» PROBLEM DETAILS
Reproduce all the lines below exactly and omit the images.

Data items
####
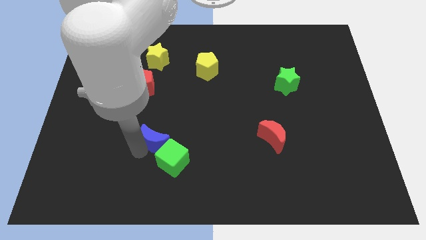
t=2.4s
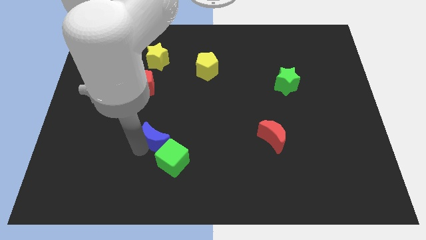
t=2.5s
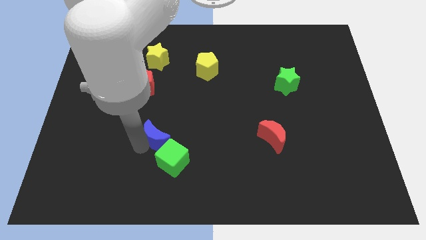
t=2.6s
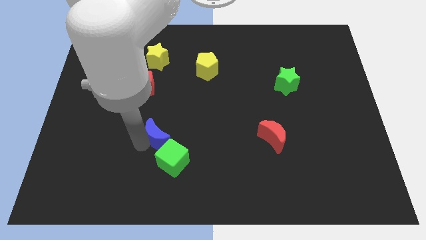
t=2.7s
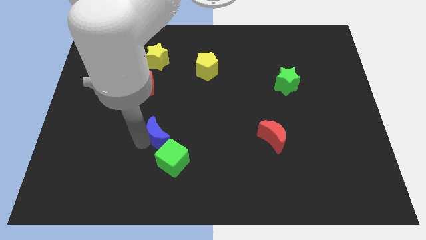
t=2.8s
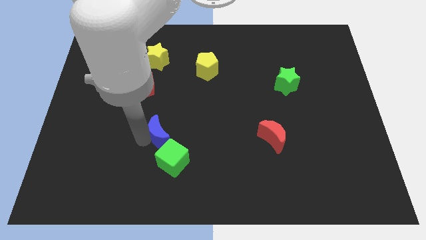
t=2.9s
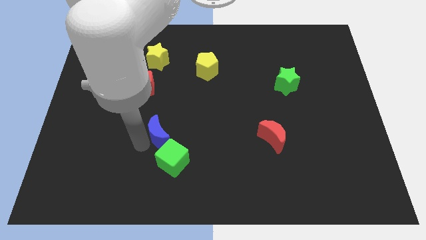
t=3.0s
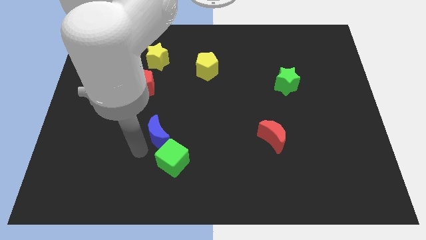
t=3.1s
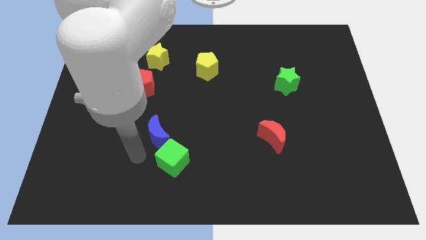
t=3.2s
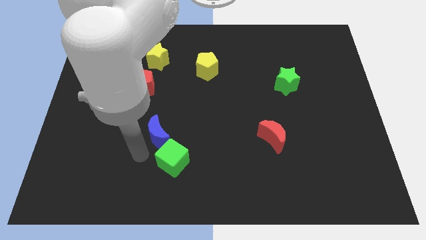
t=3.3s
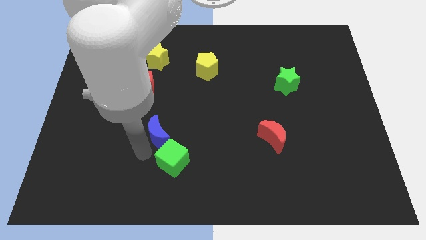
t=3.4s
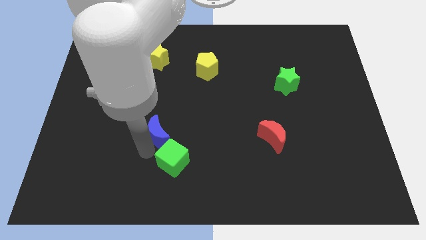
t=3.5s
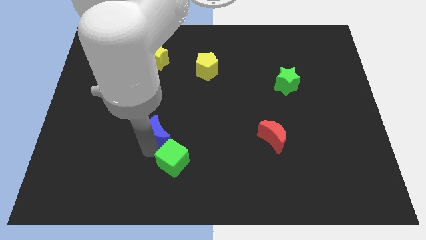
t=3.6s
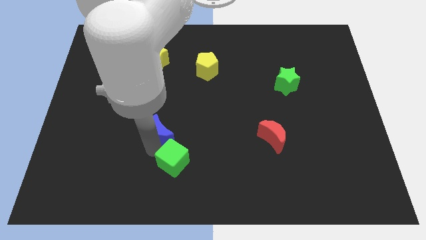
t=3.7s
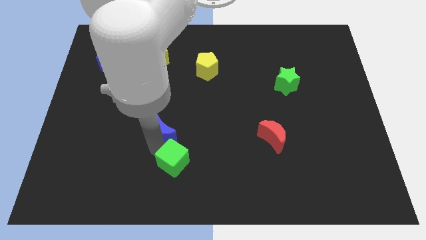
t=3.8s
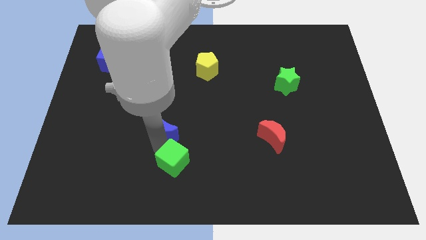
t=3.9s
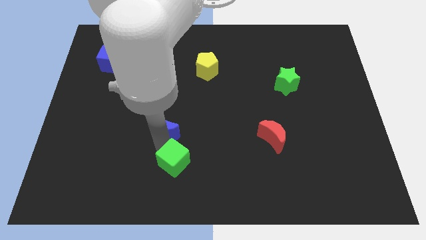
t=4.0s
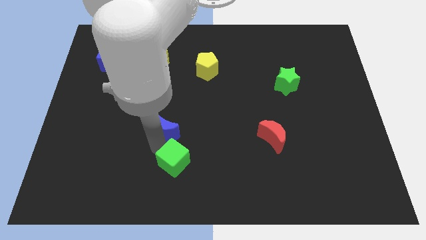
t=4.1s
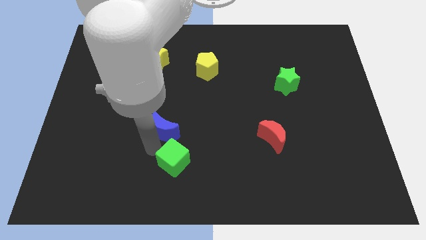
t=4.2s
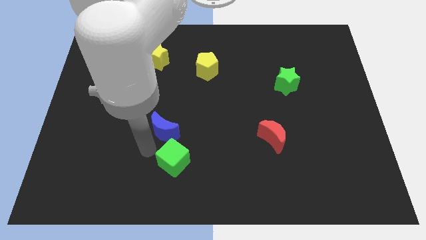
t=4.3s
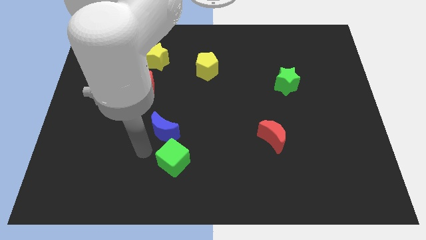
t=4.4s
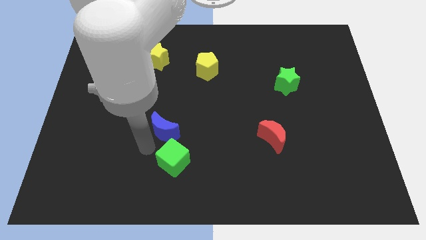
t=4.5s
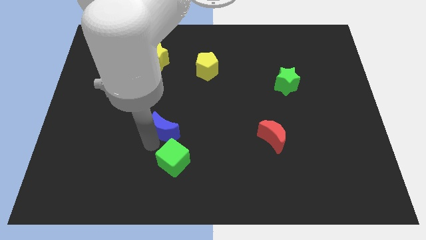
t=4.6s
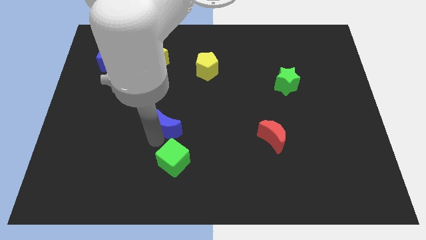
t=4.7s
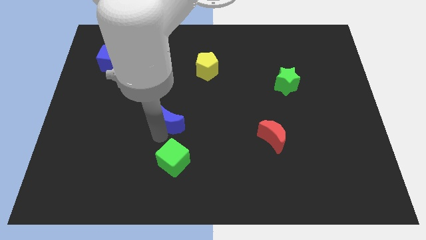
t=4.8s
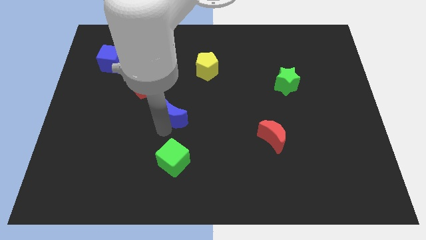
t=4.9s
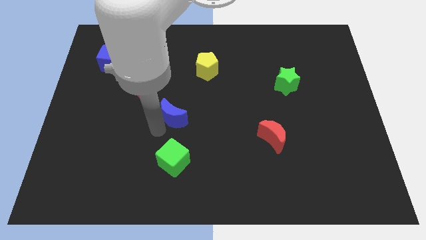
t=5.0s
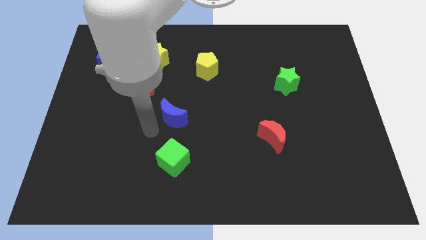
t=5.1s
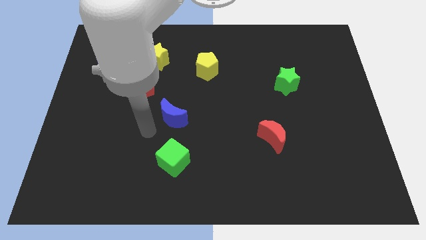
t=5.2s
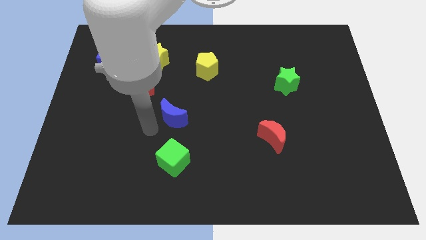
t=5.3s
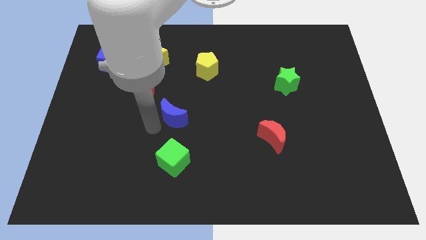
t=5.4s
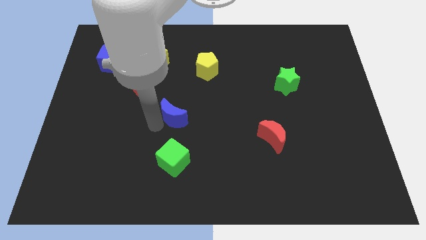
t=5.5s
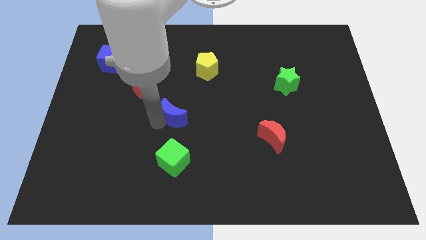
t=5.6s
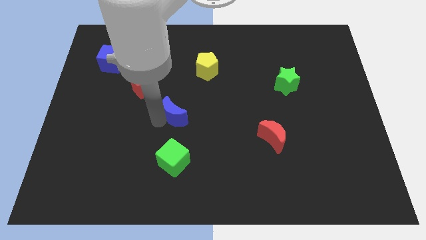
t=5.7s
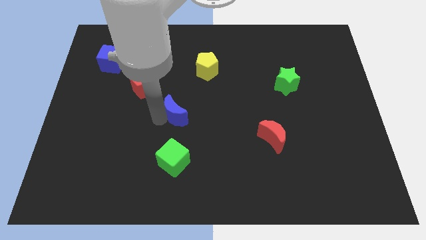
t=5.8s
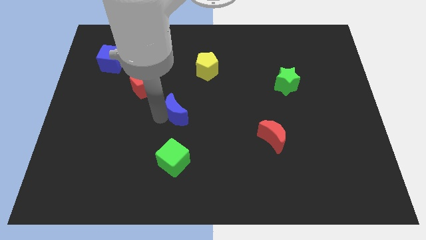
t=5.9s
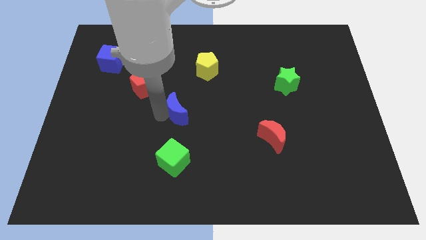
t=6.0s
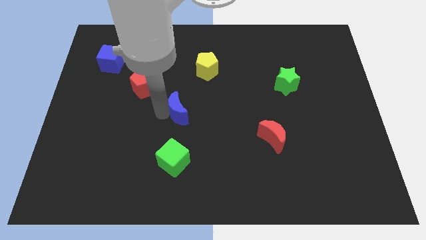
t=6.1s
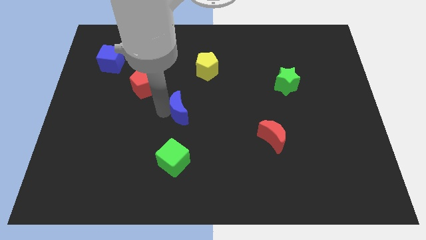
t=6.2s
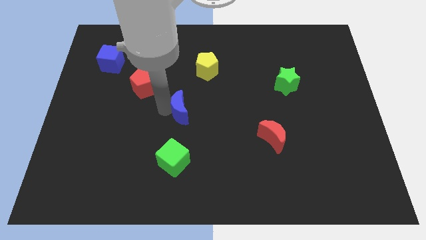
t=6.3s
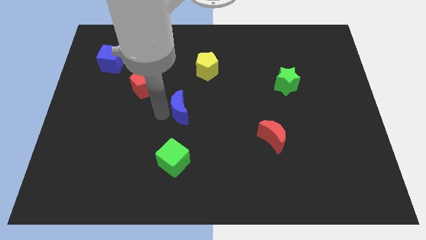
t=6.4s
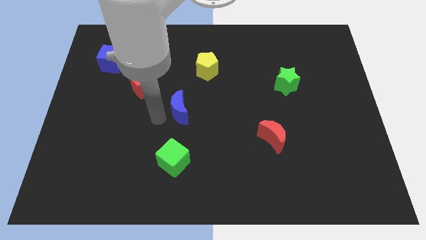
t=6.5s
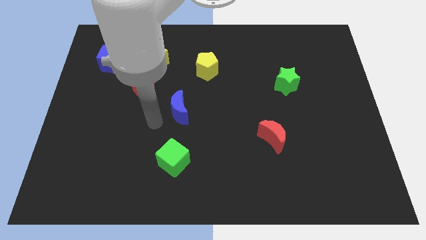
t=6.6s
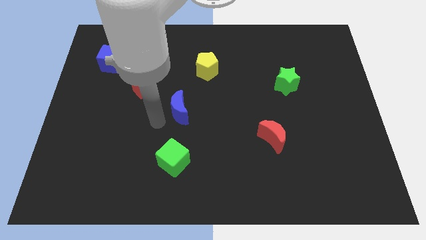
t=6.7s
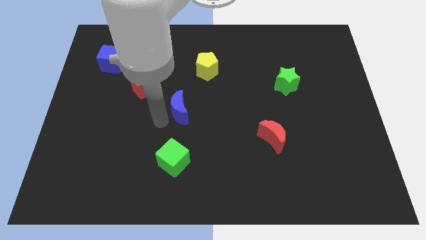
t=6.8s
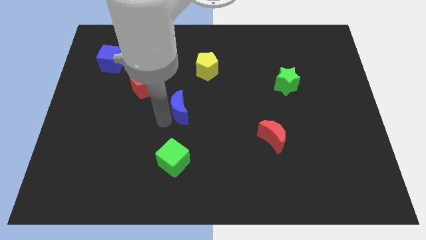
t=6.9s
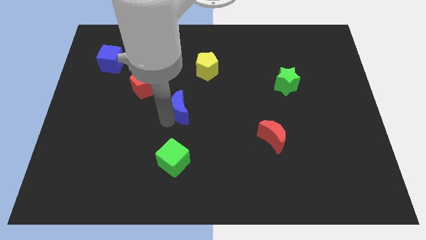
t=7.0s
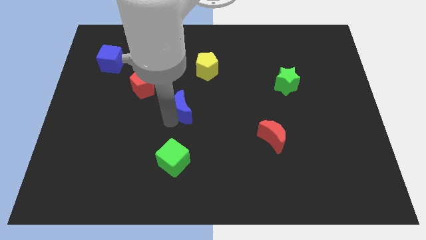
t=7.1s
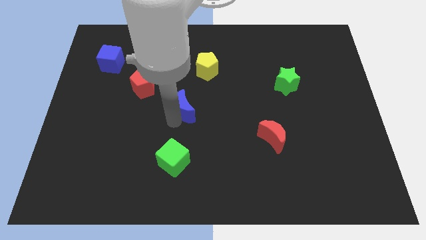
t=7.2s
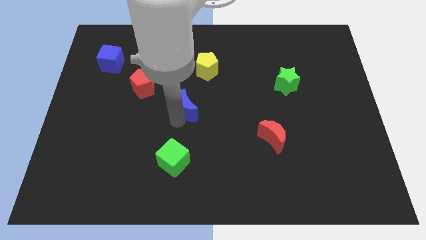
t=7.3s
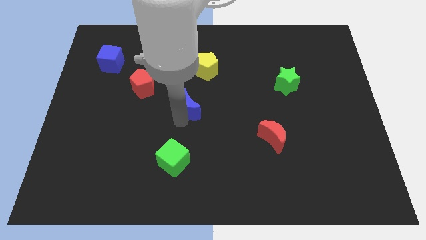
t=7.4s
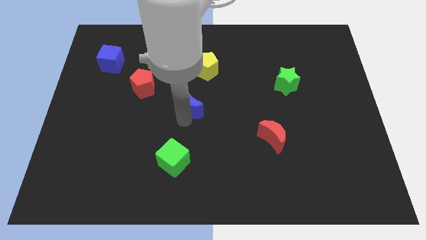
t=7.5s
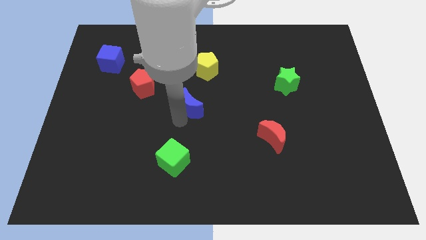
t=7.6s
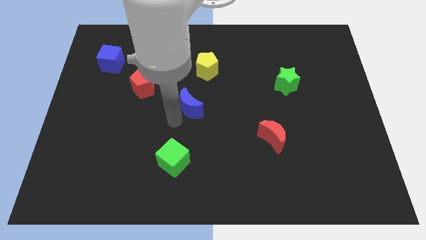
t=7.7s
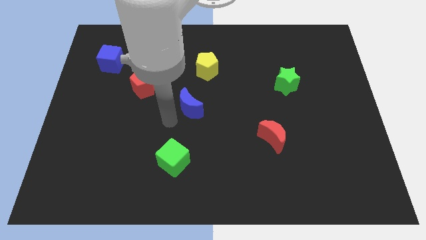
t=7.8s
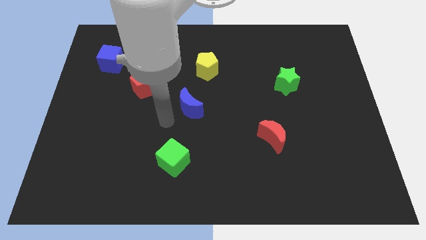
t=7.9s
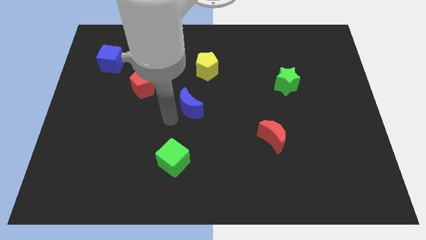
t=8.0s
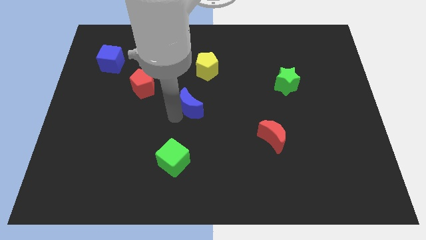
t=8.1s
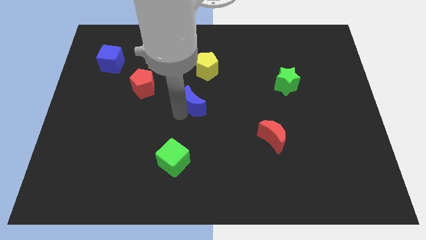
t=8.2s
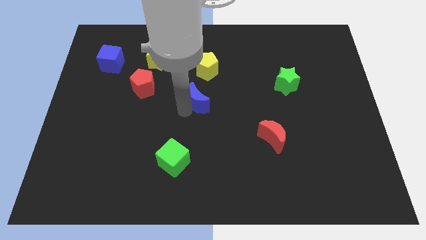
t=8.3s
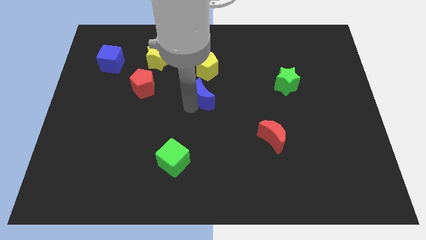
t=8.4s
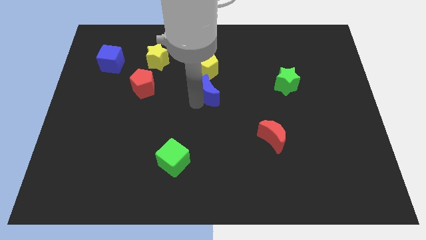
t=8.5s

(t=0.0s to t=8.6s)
####
» OUTPUT BELOW
t=2.4s
t=2.5s
t=2.6s
t=2.7s
t=2.8s
t=2.9s
t=3.0s
t=3.1s
t=3.2s
t=3.3s
t=3.4s
t=3.5s
t=3.6s
t=3.7s
t=3.8s
t=3.9s
t=4.0s
t=4.1s
t=4.2s
t=4.3s
t=4.4s
t=4.5s
t=4.6s
t=4.7s
t=4.8s
t=4.9s
t=5.0s
t=5.1s
t=5.2s
t=5.3s
t=5.4s
t=5.5s
t=5.6s
t=5.7s
t=5.8s
t=5.9s
t=6.0s
t=6.1s
t=6.2s
t=6.3s
t=6.4s
t=6.5s
t=6.6s
t=6.7s
t=6.8s
t=6.9s
t=7.0s
t=7.1s
t=7.2s
t=7.3s
t=7.4s
t=7.5s
t=7.6s
t=7.7s
t=7.8s
t=7.9s
t=8.0s
t=8.1s
t=8.2s
t=8.3s
t=8.4s
t=8.5s

(t=0.0s to t=8.6s)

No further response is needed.